How is reliability?

I used Fly years ago and had really one of the worst experiences I’ve ever had. How are things these days?

From the incidents page, it seems like Fly is averaging maybe 25-30 incidents (of varying degrees of severity) per month and they seemed to have abandoned their Infra Log site. So that doesn’t seem great, but I certainly want to factor in the community’s impressions.

Thanks!

1 Like

Quite recently I talked about my two cents on this and here ya go:

https://community.fly.io/t/fly-io-availability/26349/3?u=lubien

Thanks for posting.

1 Like

for what it’s worth, most of the incidents listed on the status page are just a byproduct of the global internet not being as stable as one would imagine.
a lot of PaaS/IaaS, while having services across the world, mostly run regions independently from each other; and, while a Fly app running in ams will certainly keep working if sin has flaky network, a client in Singapore will have a hard time connecting to that app - or, an app replicating a database between lax and syd would probably not be able to do that very well if a shark ate a subsea cable again.

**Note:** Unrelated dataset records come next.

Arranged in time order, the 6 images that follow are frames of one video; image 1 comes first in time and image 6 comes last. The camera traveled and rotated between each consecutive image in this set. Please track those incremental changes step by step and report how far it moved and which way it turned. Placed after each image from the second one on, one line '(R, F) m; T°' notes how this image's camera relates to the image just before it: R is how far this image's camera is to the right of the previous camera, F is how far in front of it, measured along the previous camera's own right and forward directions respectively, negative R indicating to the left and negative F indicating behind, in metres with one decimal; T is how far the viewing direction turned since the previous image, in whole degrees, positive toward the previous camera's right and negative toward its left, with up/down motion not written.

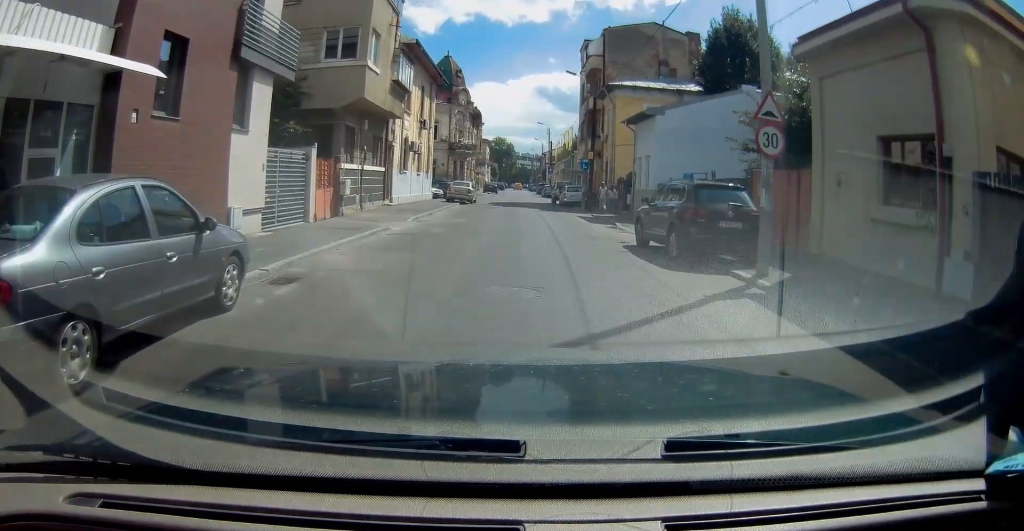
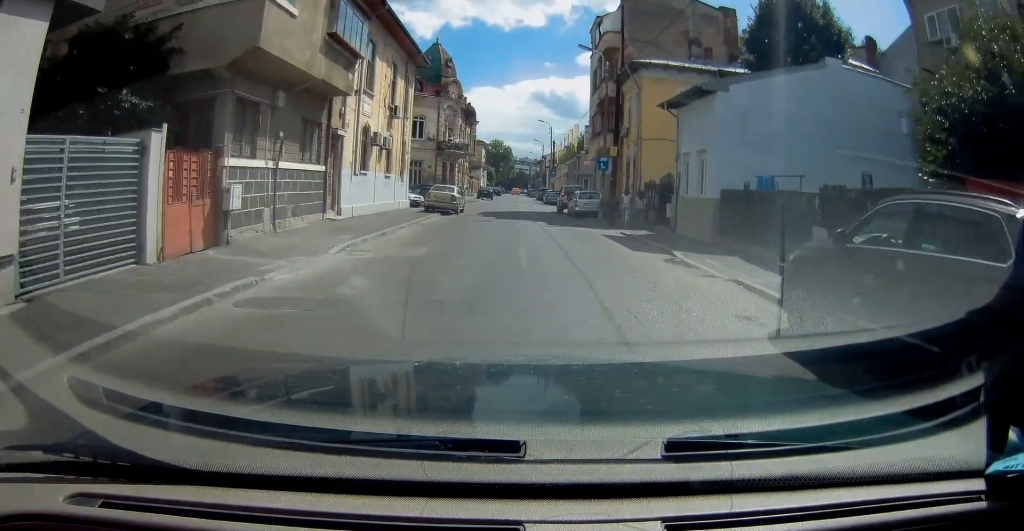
(-0.2, +8.2) m; -1°
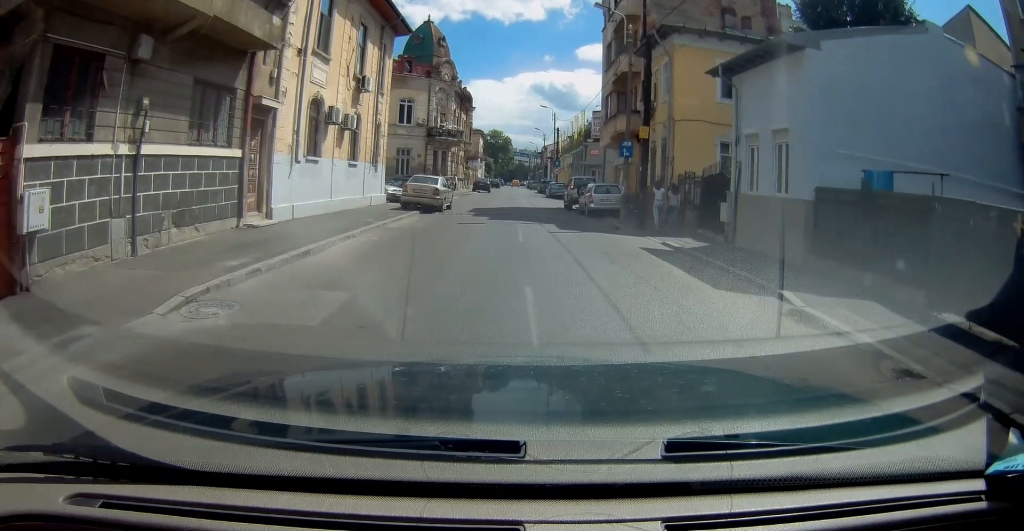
(0.0, +5.9) m; +1°
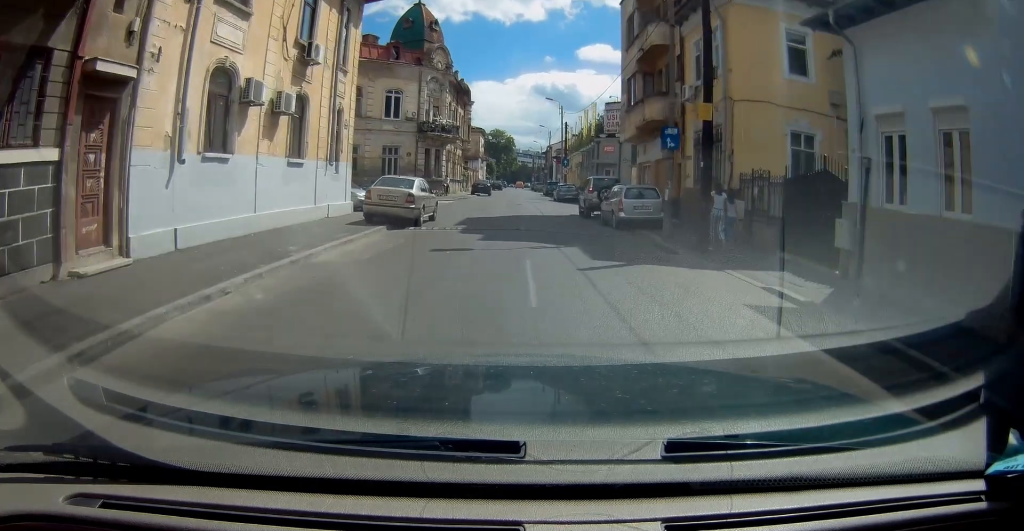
(0.0, +6.0) m; -1°
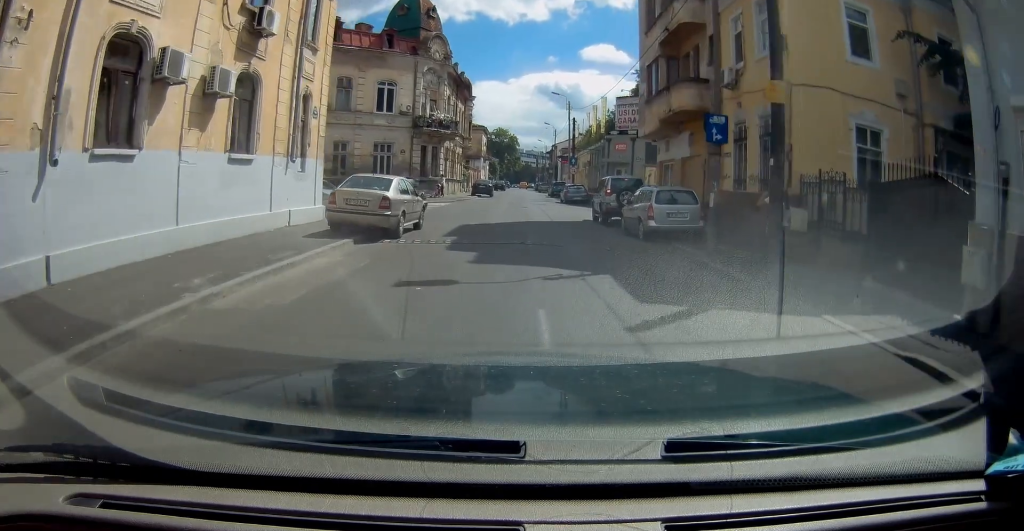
(+0.1, +3.8) m; -2°
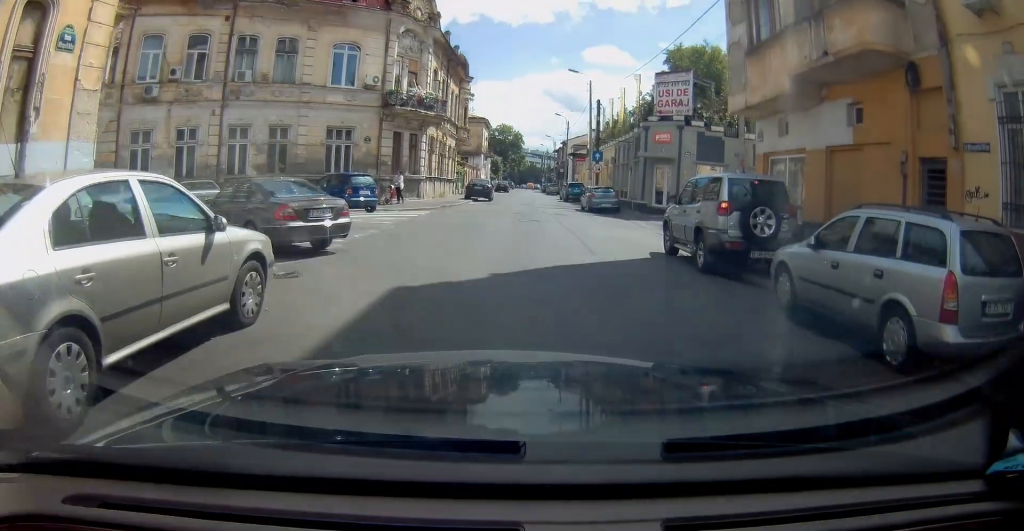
(-0.7, +12.2) m; -5°

people run lots of different kinds of apps on the platform; most incidents only impact a subset of customers. it’s possible, I won’t say easy, to architecture a global app to work around these issues; but we’re happy to help with it. single-region (or couple-nearby-regions) apps will be just fine.

not to say we haven’t had outages for entirely-us reasons! a lot of those tend to be one-time things we learn a lot from.
I wrote something similar to lubien recently here regarding that, notably:

4 Likes

This was one of the nice things about the Infrastructure Log, for those who haven’t seen it before: it tried to ascertain, in retrospect, the scope and severity of each event—in some cases rendering it just as a small, dashed box.

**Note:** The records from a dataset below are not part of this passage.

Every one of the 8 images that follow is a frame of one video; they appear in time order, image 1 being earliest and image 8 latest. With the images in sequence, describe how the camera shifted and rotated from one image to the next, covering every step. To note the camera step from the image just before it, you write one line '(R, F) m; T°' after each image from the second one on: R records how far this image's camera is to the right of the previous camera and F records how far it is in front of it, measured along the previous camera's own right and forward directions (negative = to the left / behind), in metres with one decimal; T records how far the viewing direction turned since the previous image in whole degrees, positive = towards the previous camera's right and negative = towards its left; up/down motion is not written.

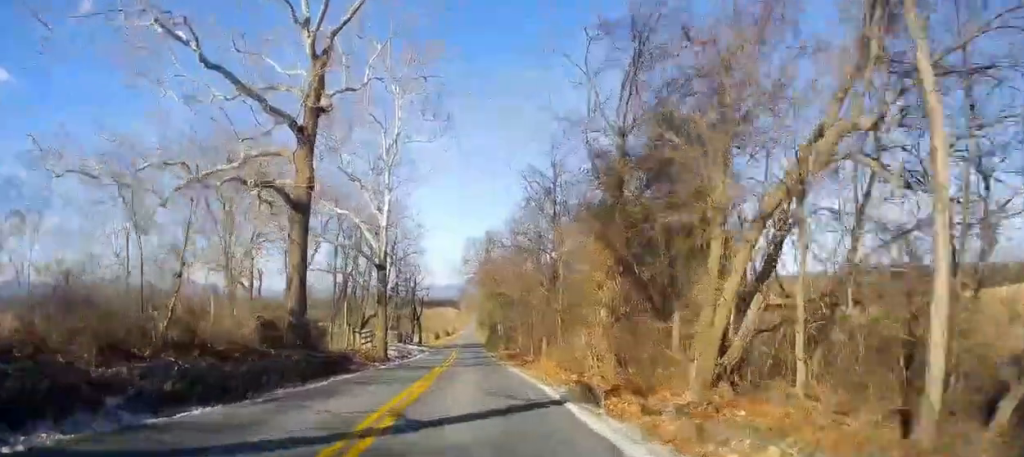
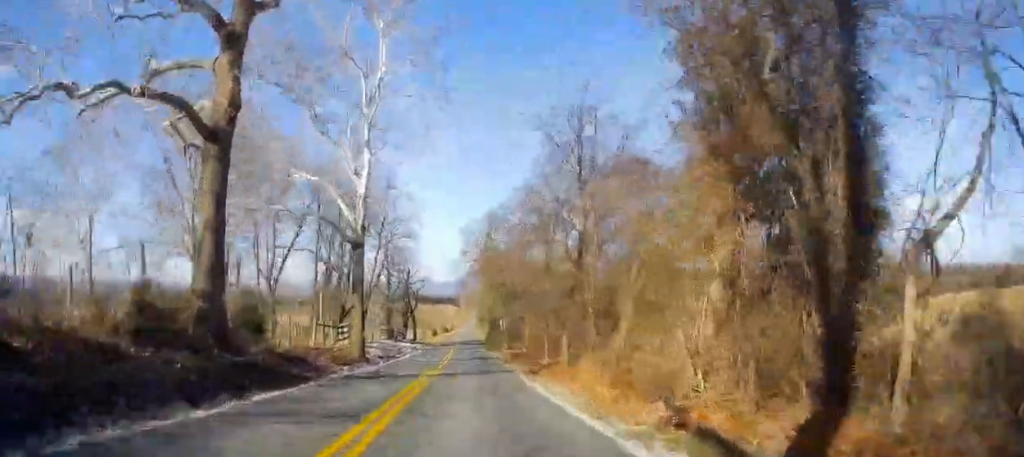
(-0.5, +7.1) m; +4°
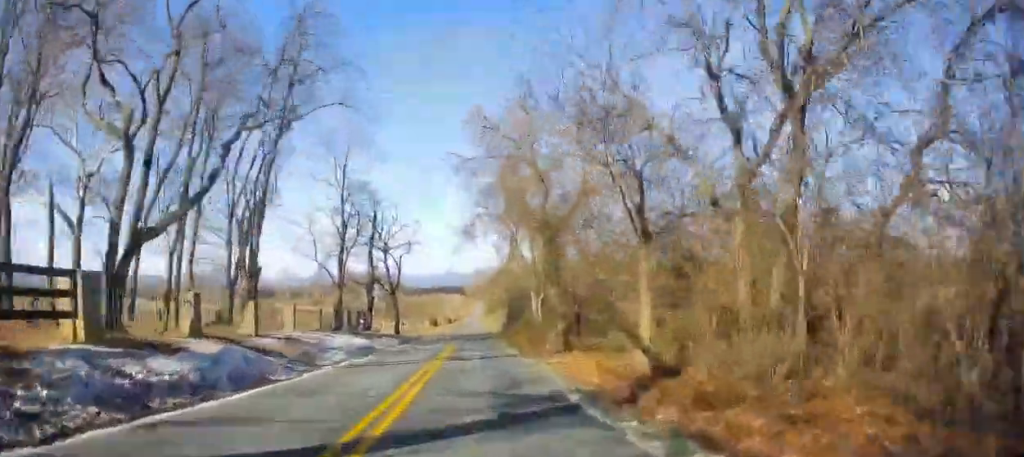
(+5.8, +28.9) m; +5°
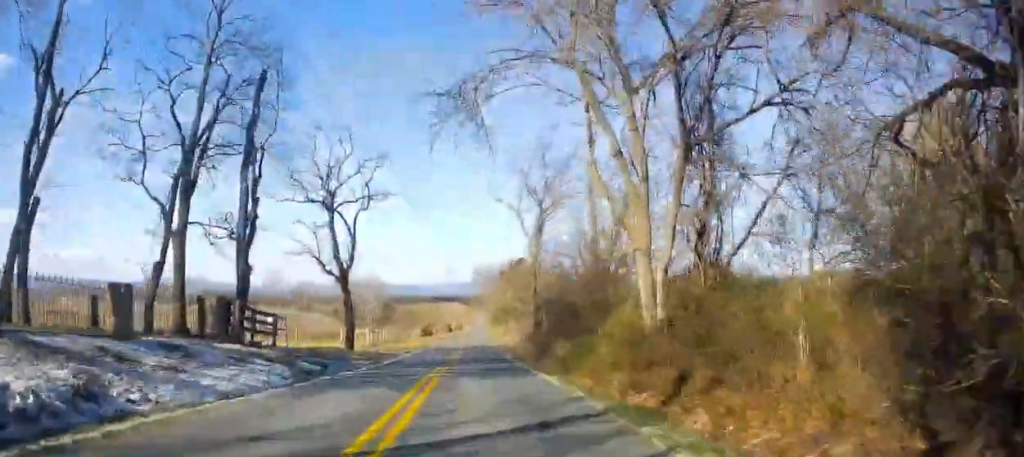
(-1.0, +23.6) m; -4°
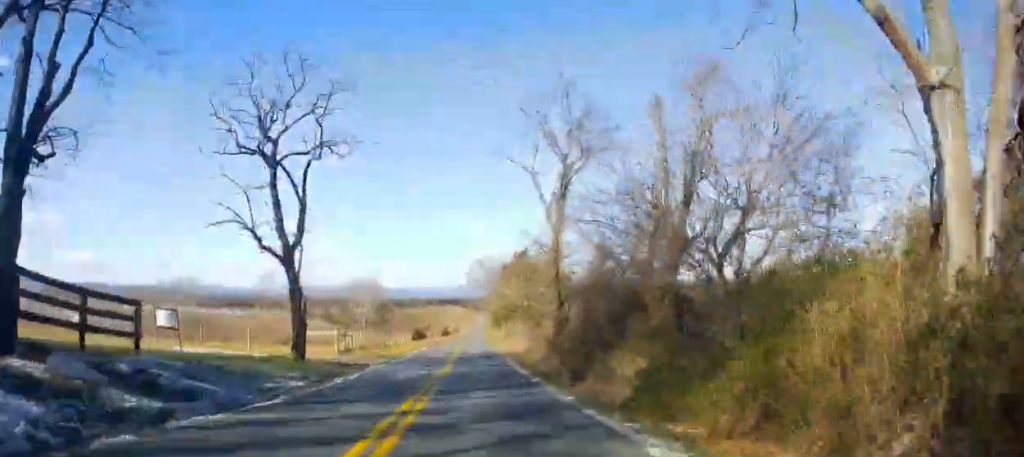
(-0.1, +9.9) m; 0°
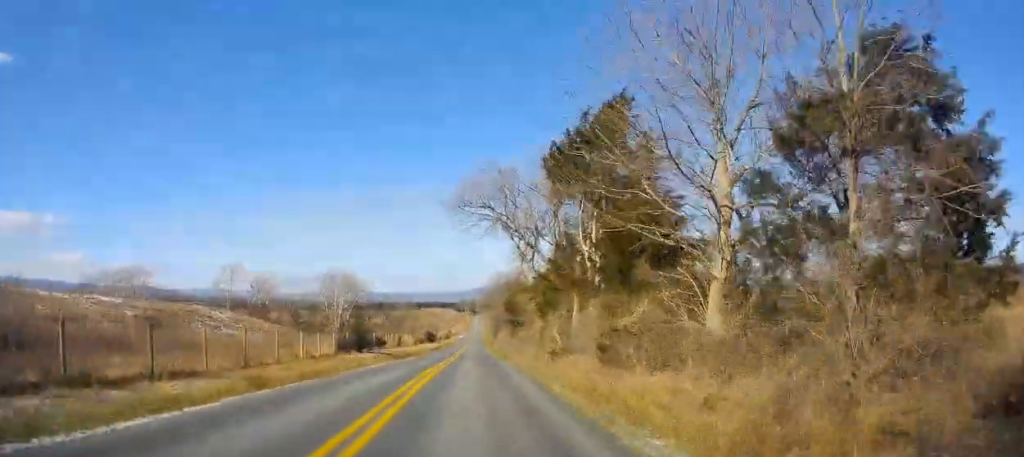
(-0.1, +39.1) m; 0°
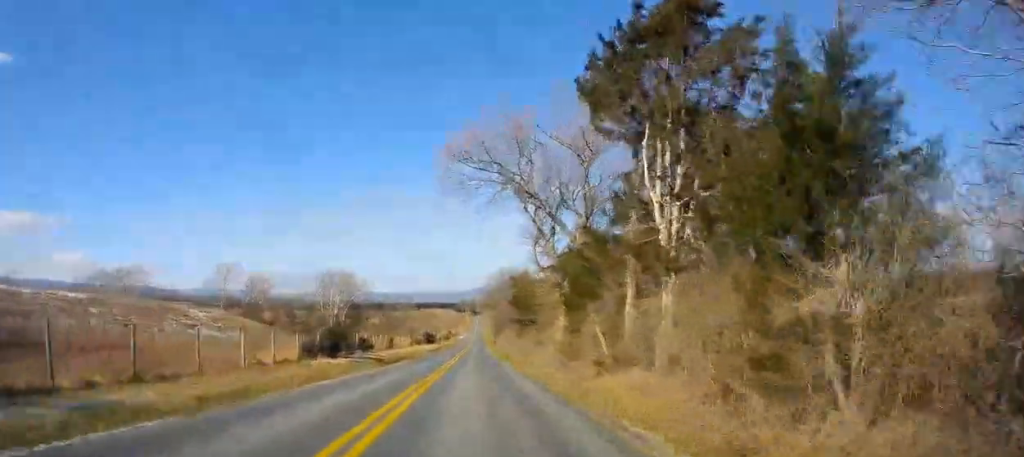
(0.0, +7.8) m; 0°
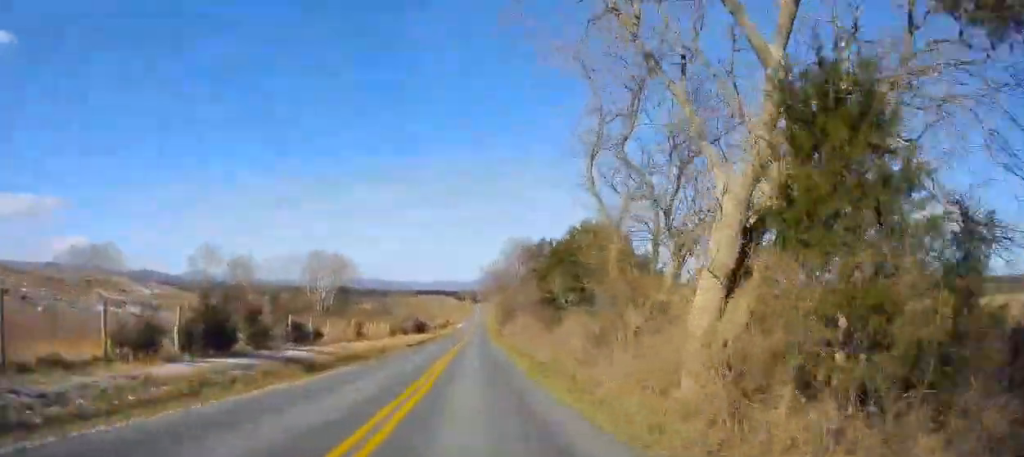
(0.0, +15.9) m; -1°

infra-log severity grid for aug 25 through sept 7, 2024; the incident on the 7th is just a barely visible dashed box, whereas the 1st's is solid red, prominent, and large

Typically, there was also an entire prose paragraph describing the dimensions and nuances in more detail, which was even more valuable.

(In contrast, the status page updates are written mostly in the heat of the moment, as more of a real-time messaging system.)

It seems like the Big Red Box™ days are mostly in the past now—or at least bounded at ≤10% worse than other cloud platforms. Moreover, a lot of the classic rough edges in the service, like with certificates, suspended clocks, features introduced 3 years ago but still not mentioned in the official docs, have been gradually getting smoothed out over the past few months, which is also encouraging, :tulip:

4 Likes

This topic was automatically closed 7 days after the last reply. New replies are no longer allowed.